**What is expected**
With no line left out, restate the data word for word.

════

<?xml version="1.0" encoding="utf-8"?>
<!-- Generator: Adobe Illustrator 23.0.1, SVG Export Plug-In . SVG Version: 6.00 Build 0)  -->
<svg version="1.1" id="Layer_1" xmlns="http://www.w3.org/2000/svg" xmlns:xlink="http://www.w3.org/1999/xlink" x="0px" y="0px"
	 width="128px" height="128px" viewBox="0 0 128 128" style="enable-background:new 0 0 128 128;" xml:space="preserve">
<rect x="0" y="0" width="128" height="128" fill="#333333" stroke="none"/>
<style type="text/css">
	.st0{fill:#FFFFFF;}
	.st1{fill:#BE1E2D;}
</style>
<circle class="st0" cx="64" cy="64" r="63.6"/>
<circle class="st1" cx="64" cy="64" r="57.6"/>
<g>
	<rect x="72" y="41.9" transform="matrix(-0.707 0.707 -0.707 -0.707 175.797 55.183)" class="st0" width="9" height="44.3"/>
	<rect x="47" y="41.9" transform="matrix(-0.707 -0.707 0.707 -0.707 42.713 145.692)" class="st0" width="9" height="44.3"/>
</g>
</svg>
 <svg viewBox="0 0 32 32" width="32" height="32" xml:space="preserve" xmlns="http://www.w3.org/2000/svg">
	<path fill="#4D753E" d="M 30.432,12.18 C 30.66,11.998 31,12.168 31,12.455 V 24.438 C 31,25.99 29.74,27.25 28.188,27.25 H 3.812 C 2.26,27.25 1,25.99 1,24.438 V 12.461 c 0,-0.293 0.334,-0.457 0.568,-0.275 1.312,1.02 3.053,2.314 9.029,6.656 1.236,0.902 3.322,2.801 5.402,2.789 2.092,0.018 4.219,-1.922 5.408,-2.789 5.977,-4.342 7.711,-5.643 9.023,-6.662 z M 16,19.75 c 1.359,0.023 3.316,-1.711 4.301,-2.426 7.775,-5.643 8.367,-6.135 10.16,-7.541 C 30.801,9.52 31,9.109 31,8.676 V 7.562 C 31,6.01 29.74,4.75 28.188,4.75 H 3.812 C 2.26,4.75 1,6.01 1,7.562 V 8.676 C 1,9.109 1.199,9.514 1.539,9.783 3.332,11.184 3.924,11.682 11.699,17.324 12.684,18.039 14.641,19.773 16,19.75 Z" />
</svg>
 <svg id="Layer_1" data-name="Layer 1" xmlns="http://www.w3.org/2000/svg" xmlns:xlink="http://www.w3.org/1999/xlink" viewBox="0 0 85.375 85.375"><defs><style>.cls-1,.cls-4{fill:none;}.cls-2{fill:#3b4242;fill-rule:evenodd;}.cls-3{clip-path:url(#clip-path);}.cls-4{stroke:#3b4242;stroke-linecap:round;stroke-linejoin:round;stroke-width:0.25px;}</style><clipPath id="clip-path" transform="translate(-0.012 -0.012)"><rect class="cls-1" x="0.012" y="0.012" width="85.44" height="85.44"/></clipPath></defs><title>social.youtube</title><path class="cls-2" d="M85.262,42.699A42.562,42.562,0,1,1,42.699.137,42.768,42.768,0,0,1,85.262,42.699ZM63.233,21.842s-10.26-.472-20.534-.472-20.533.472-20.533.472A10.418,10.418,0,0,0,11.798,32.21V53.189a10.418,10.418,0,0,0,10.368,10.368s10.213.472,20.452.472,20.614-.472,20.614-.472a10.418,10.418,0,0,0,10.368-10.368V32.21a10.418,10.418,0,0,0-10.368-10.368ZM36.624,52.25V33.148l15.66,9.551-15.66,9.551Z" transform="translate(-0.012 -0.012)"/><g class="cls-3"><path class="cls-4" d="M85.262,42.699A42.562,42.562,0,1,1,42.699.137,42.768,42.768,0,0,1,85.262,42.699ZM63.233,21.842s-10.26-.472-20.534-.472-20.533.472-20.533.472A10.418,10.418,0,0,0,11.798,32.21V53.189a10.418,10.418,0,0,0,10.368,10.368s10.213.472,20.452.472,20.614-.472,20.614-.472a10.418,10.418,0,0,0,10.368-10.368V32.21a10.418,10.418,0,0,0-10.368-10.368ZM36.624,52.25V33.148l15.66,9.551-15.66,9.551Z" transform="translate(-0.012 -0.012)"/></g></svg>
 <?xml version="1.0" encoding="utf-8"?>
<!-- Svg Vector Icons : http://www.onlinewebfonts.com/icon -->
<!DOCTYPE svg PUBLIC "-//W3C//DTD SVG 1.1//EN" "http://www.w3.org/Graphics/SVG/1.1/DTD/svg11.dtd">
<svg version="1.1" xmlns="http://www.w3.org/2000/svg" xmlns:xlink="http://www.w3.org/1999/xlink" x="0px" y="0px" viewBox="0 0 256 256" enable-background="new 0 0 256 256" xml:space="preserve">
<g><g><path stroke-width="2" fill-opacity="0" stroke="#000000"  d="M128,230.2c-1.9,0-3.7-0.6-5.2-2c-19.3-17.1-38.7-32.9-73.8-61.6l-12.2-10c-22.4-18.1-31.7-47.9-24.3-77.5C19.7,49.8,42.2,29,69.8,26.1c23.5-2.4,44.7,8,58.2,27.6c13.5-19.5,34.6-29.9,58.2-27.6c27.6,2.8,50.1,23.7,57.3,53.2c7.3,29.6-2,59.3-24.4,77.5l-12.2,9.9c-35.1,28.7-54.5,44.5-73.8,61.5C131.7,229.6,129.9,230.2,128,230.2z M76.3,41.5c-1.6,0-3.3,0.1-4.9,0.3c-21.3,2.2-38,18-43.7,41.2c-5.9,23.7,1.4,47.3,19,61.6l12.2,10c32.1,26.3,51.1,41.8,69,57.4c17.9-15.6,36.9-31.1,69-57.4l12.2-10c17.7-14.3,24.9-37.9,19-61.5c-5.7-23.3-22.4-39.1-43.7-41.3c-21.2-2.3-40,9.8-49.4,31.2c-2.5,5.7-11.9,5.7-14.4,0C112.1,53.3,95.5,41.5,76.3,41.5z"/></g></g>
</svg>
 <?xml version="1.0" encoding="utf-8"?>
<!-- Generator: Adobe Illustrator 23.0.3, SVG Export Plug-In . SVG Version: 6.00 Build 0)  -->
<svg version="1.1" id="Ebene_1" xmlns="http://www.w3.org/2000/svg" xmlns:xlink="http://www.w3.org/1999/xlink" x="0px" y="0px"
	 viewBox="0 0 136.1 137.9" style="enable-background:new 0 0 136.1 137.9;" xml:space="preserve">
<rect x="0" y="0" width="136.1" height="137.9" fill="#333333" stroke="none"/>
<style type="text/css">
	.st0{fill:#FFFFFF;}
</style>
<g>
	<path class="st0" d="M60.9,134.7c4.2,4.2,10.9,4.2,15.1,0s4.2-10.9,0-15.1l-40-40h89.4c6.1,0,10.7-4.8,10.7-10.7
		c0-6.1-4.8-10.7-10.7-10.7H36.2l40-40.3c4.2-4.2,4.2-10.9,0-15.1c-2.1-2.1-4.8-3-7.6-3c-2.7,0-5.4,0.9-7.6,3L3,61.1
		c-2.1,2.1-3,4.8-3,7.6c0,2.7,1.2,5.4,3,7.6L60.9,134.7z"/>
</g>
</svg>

════

**Written response**
<?xml version="1.0" encoding="utf-8"?>
<!-- Generator: Adobe Illustrator 23.0.1, SVG Export Plug-In . SVG Version: 6.00 Build 0)  -->
<svg version="1.1" id="Layer_1" xmlns="http://www.w3.org/2000/svg" xmlns:xlink="http://www.w3.org/1999/xlink" x="0px" y="0px"
	 width="128px" height="128px" viewBox="0 0 128 128" style="enable-background:new 0 0 128 128;" xml:space="preserve">
<rect x="0" y="0" width="128" height="128" fill="#333333" stroke="none"/>
<style type="text/css">
	.st0{fill:#FFFFFF;}
	.st1{fill:#BE1E2D;}
</style>
<circle class="st0" cx="64" cy="64" r="63.6"/>
<circle class="st1" cx="64" cy="64" r="57.6"/>
<g>
	<rect x="72" y="41.9" transform="matrix(-0.707 0.707 -0.707 -0.707 175.797 55.183)" class="st0" width="9" height="44.3"/>
	<rect x="47" y="41.9" transform="matrix(-0.707 -0.707 0.707 -0.707 42.713 145.692)" class="st0" width="9" height="44.3"/>
</g>
</svg>
 <svg viewBox="0 0 32 32" width="32" height="32" xml:space="preserve" xmlns="http://www.w3.org/2000/svg">
	<path fill="#4D753E" d="M 30.432,12.18 C 30.66,11.998 31,12.168 31,12.455 V 24.438 C 31,25.99 29.74,27.25 28.188,27.25 H 3.812 C 2.26,27.25 1,25.99 1,24.438 V 12.461 c 0,-0.293 0.334,-0.457 0.568,-0.275 1.312,1.02 3.053,2.314 9.029,6.656 1.236,0.902 3.322,2.801 5.402,2.789 2.092,0.018 4.219,-1.922 5.408,-2.789 5.977,-4.342 7.711,-5.643 9.023,-6.662 z M 16,19.75 c 1.359,0.023 3.316,-1.711 4.301,-2.426 7.775,-5.643 8.367,-6.135 10.16,-7.541 C 30.801,9.52 31,9.109 31,8.676 V 7.562 C 31,6.01 29.74,4.75 28.188,4.75 H 3.812 C 2.26,4.75 1,6.01 1,7.562 V 8.676 C 1,9.109 1.199,9.514 1.539,9.783 3.332,11.184 3.924,11.682 11.699,17.324 12.684,18.039 14.641,19.773 16,19.75 Z" />
</svg>
 <svg id="Layer_1" data-name="Layer 1" xmlns="http://www.w3.org/2000/svg" xmlns:xlink="http://www.w3.org/1999/xlink" viewBox="0 0 85.375 85.375"><defs><style>.cls-1,.cls-4{fill:none;}.cls-2{fill:#3b4242;fill-rule:evenodd;}.cls-3{clip-path:url(#clip-path);}.cls-4{stroke:#3b4242;stroke-linecap:round;stroke-linejoin:round;stroke-width:0.25px;}</style><clipPath id="clip-path" transform="translate(-0.012 -0.012)"><rect class="cls-1" x="0.012" y="0.012" width="85.44" height="85.44"/></clipPath></defs><title>social.youtube</title><path class="cls-2" d="M85.262,42.699A42.562,42.562,0,1,1,42.699.137,42.768,42.768,0,0,1,85.262,42.699ZM63.233,21.842s-10.26-.472-20.534-.472-20.533.472-20.533.472A10.418,10.418,0,0,0,11.798,32.21V53.189a10.418,10.418,0,0,0,10.368,10.368s10.213.472,20.452.472,20.614-.472,20.614-.472a10.418,10.418,0,0,0,10.368-10.368V32.21a10.418,10.418,0,0,0-10.368-10.368ZM36.624,52.25V33.148l15.66,9.551-15.66,9.551Z" transform="translate(-0.012 -0.012)"/><g class="cls-3"><path class="cls-4" d="M85.262,42.699A42.562,42.562,0,1,1,42.699.137,42.768,42.768,0,0,1,85.262,42.699ZM63.233,21.842s-10.26-.472-20.534-.472-20.533.472-20.533.472A10.418,10.418,0,0,0,11.798,32.21V53.189a10.418,10.418,0,0,0,10.368,10.368s10.213.472,20.452.472,20.614-.472,20.614-.472a10.418,10.418,0,0,0,10.368-10.368V32.21a10.418,10.418,0,0,0-10.368-10.368ZM36.624,52.25V33.148l15.66,9.551-15.66,9.551Z" transform="translate(-0.012 -0.012)"/></g></svg>
 <?xml version="1.0" encoding="utf-8"?>
<!-- Svg Vector Icons : http://www.onlinewebfonts.com/icon -->
<!DOCTYPE svg PUBLIC "-//W3C//DTD SVG 1.1//EN" "http://www.w3.org/Graphics/SVG/1.1/DTD/svg11.dtd">
<svg version="1.1" xmlns="http://www.w3.org/2000/svg" xmlns:xlink="http://www.w3.org/1999/xlink" x="0px" y="0px" viewBox="0 0 256 256" enable-background="new 0 0 256 256" xml:space="preserve">
<g><g><path stroke-width="2" fill-opacity="0" stroke="#000000"  d="M128,230.2c-1.9,0-3.7-0.6-5.2-2c-19.3-17.1-38.7-32.9-73.8-61.6l-12.2-10c-22.4-18.1-31.7-47.9-24.3-77.5C19.7,49.8,42.2,29,69.8,26.1c23.5-2.4,44.7,8,58.2,27.6c13.5-19.5,34.6-29.9,58.2-27.6c27.6,2.8,50.1,23.7,57.3,53.2c7.3,29.6-2,59.3-24.4,77.5l-12.2,9.9c-35.1,28.7-54.5,44.5-73.8,61.5C131.7,229.6,129.9,230.2,128,230.2z M76.3,41.5c-1.6,0-3.3,0.1-4.9,0.3c-21.3,2.2-38,18-43.7,41.2c-5.9,23.7,1.4,47.3,19,61.6l12.2,10c32.1,26.3,51.1,41.8,69,57.4c17.9-15.6,36.9-31.1,69-57.4l12.2-10c17.7-14.3,24.9-37.9,19-61.5c-5.7-23.3-22.4-39.1-43.7-41.3c-21.2-2.3-40,9.8-49.4,31.2c-2.5,5.7-11.9,5.7-14.4,0C112.1,53.3,95.5,41.5,76.3,41.5z"/></g></g>
</svg>
 <?xml version="1.0" encoding="utf-8"?>
<!-- Generator: Adobe Illustrator 23.0.3, SVG Export Plug-In . SVG Version: 6.00 Build 0)  -->
<svg version="1.1" id="Ebene_1" xmlns="http://www.w3.org/2000/svg" xmlns:xlink="http://www.w3.org/1999/xlink" x="0px" y="0px"
	 viewBox="0 0 136.1 137.9" style="enable-background:new 0 0 136.1 137.9;" xml:space="preserve">
<rect x="0" y="0" width="136.1" height="137.9" fill="#333333" stroke="none"/>
<style type="text/css">
	.st0{fill:#FFFFFF;}
</style>
<g>
	<path class="st0" d="M60.9,134.7c4.2,4.2,10.9,4.2,15.1,0s4.2-10.9,0-15.1l-40-40h89.4c6.1,0,10.7-4.8,10.7-10.7
		c0-6.1-4.8-10.7-10.7-10.7H36.2l40-40.3c4.2-4.2,4.2-10.9,0-15.1c-2.1-2.1-4.8-3-7.6-3c-2.7,0-5.4,0.9-7.6,3L3,61.1
		c-2.1,2.1-3,4.8-3,7.6c0,2.7,1.2,5.4,3,7.6L60.9,134.7z"/>
</g>
</svg>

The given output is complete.